What to work on
Work out how many lines below hold the string "plot" and state only that figure.

Provided entries
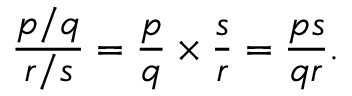
{ \frac { p / q } { r / s } } = { \frac { p } { q } } \times { \frac { s } { r } } = { \frac { p s } { q r } } .
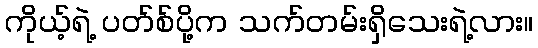
ကိုယ့်ရဲ့ ပတ်စ်ပို့က သက်တမ်းရှိသေးရဲ့လား။
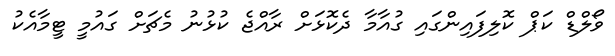
ވޯލްޑް ކަޕް ކޮލިފައިންގައި ގުއާމާ ދެކޮޅަށް ރާއްޖެ ކުޅުނު މެޗަށް ގައުމީ ޓީމާއެކު
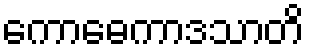
ကောဓေကာဒသာတိ
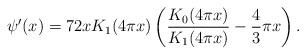
LaTeX: \begin{align*} \psi'(x) = 72 x K_{1}(4 \pi x) \left(\frac{K_{0}(4 \pi x)}{K_{1}(4 \pi x)} - \frac{4}{3} \pi x\right).\end{align*}
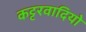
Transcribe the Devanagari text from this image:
कट्टरवादियो
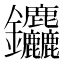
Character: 𮣱
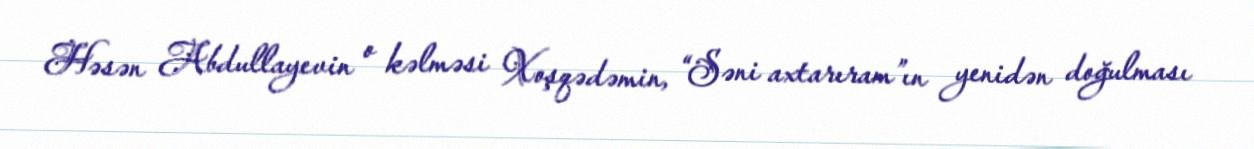
Həsən Abdullayevin o kəlməsi Xoşqədəmin, “Səni axtarıram”ın yenidən doğulması
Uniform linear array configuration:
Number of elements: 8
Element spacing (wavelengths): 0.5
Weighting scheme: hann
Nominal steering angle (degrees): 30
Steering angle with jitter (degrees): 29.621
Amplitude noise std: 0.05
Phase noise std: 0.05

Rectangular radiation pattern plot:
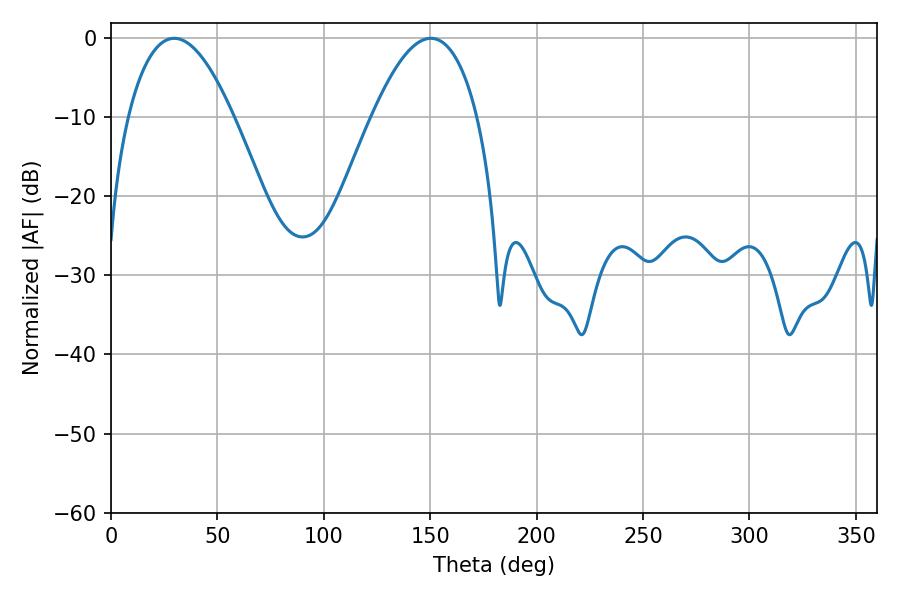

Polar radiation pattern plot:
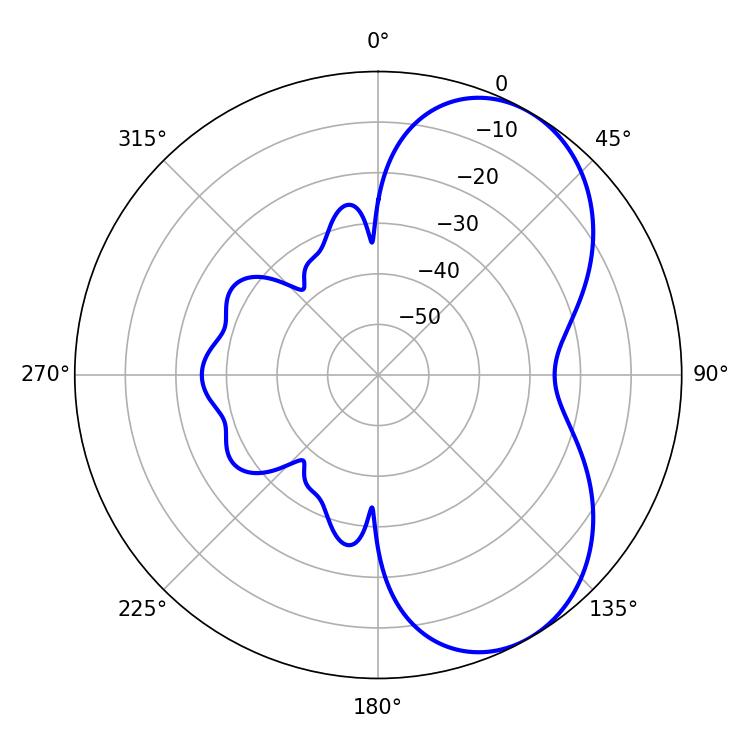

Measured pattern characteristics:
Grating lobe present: FALSE
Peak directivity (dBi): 5.8
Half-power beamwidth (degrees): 27.18
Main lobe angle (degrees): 29.7
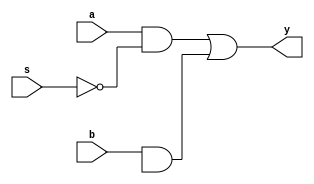
module mux1(input a,b,s,output y);
    wire t1,t2,t3; // internals decleration.
    // wire[2:0] t;
    //not n1(t3,s);  // by using not premitives.
    //and a1(t1,a,!s); // two type of inverted selection for mux.
    
    and a1 (t1,a,~s);
    and a2 (t2,b,t3);
    or r1 (y,t1,t2);    
endmodule
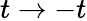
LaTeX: t\to-t
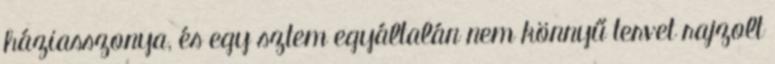
háziasszonya, és egy sztem egyáltalán nem könnyű tervet rajzolt
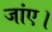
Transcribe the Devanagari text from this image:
जांए।
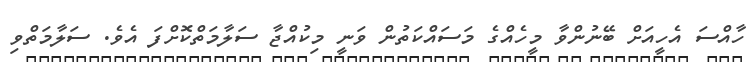
ހާއްސަ އެހީއަށް ބޭނުންވާ މީހެއްގެ މަސައްކަތުން ވަނީ މިކުއްޖާ ސަލާމަތްކޮށްފަ އެވެ. ސަލާމަތްވި
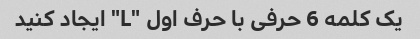
یک کلمه 6 حرفی با حرف اول "L" ایجاد کنید
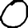
Digit: 0
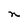
Character: n
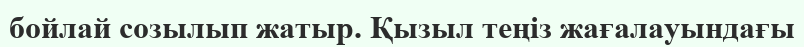
бойлай созылып жатыр. Қызыл теңіз жағалауындағы
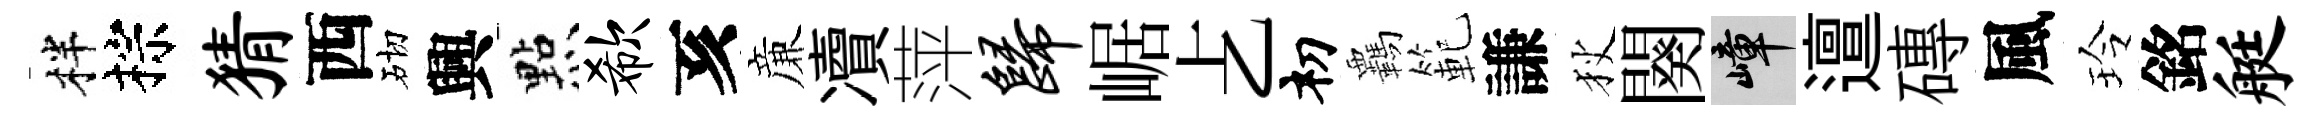
柈棕猜西砌興㸃欷亥亷凟萍归崌𠧒𥘉覊範謙狄闋嶂邅磚風玲銘艇
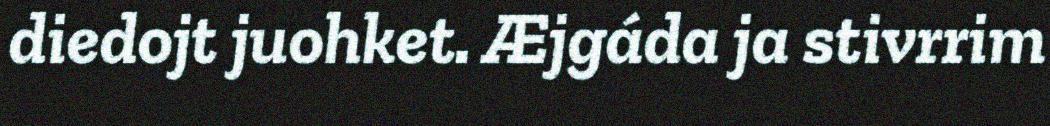
diedojt juohket. Æjgáda ja stivrrim
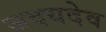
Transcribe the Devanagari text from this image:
जदयदेव
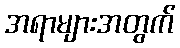
အရာများအတွက်
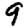
Digit: 9
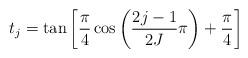
LaTeX: \begin{align*}t_j = \tan\left[\frac{\pi}{4}\cos\left(\frac{2j-1}{2J}\pi\right)+\frac{\pi}{4}\right]\end{align*}
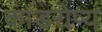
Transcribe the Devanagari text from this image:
कांडरोप्य
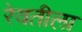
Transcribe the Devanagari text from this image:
रेवतीला
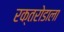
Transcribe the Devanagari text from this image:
रक्तरोडाला
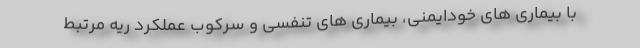
با بیماری های خودایمنی، بیماری های تنفسی و سرکوب عملکرد ریه مرتبط
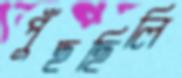
পুঁছছিলি
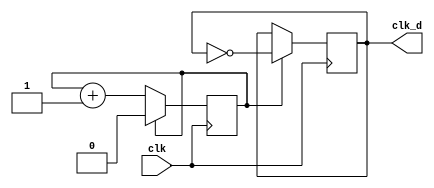
//// Code your design here
//module clk_div (clk, clk_d); 
//parameter div_value = 1;
//input clk;
//output clk_d;
//    reg clk_d;
//    reg count;
//        initial
//            begin
//            clk_d = 0;
//            count = 0;
//        end
//        always @(posedge clk)
//            begin
//                if (count == div_value)
//                    count <= 0;
//                else
//                    count <= count + 1;
//            end
            
//        always @(posedge clk)
//            begin
//                if (count == div_value) 
//                    clk_d <= ~clk_d;
//            end
//endmodule

`timescale 1ns / 1ps
module clk_div(clk,clk_d);
parameter div_value = 1;
input clk;
output clk_d;
 reg clk_d;
 reg count;
 initial
 begin
 clk_d =0;
 count =0;
 end
 
 always @(posedge clk)
 begin 
 if (count == div_value)
    count <= 0;
 else
    count <= count + 1;
 end
 
 always @ (posedge clk)
 begin
 if (count == div_value)
    clk_d <= ~clk_d;
 end
endmodule
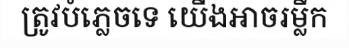
ត្រូវបំភ្លេចទេ យើងអាចរម្លឹក
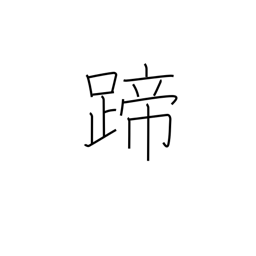
Meaning: hoof
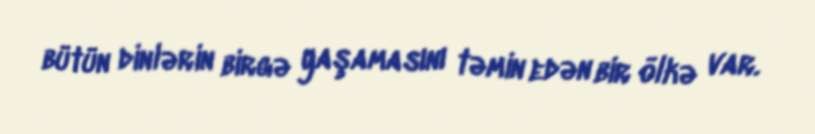
bütün dinlərin birgə yaşamasını təmin edən bir ölkə var.
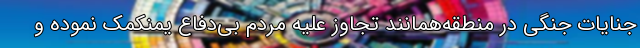
جنایات جنگی در منطقه­همانند تجاوز علیه مردم بی‌دفاع یمنکمک نموده و
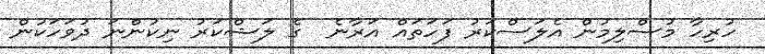
ހުރިހާ މުސްލިމުން އެލަސްކަރު ފަހަތައް އަރާނެ  ގެ ލަޝްކަރު ނިކުންނަ ދުވަހަކުން
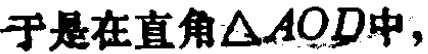
于是在直角$\triangle AOD$中，

Problem solution
2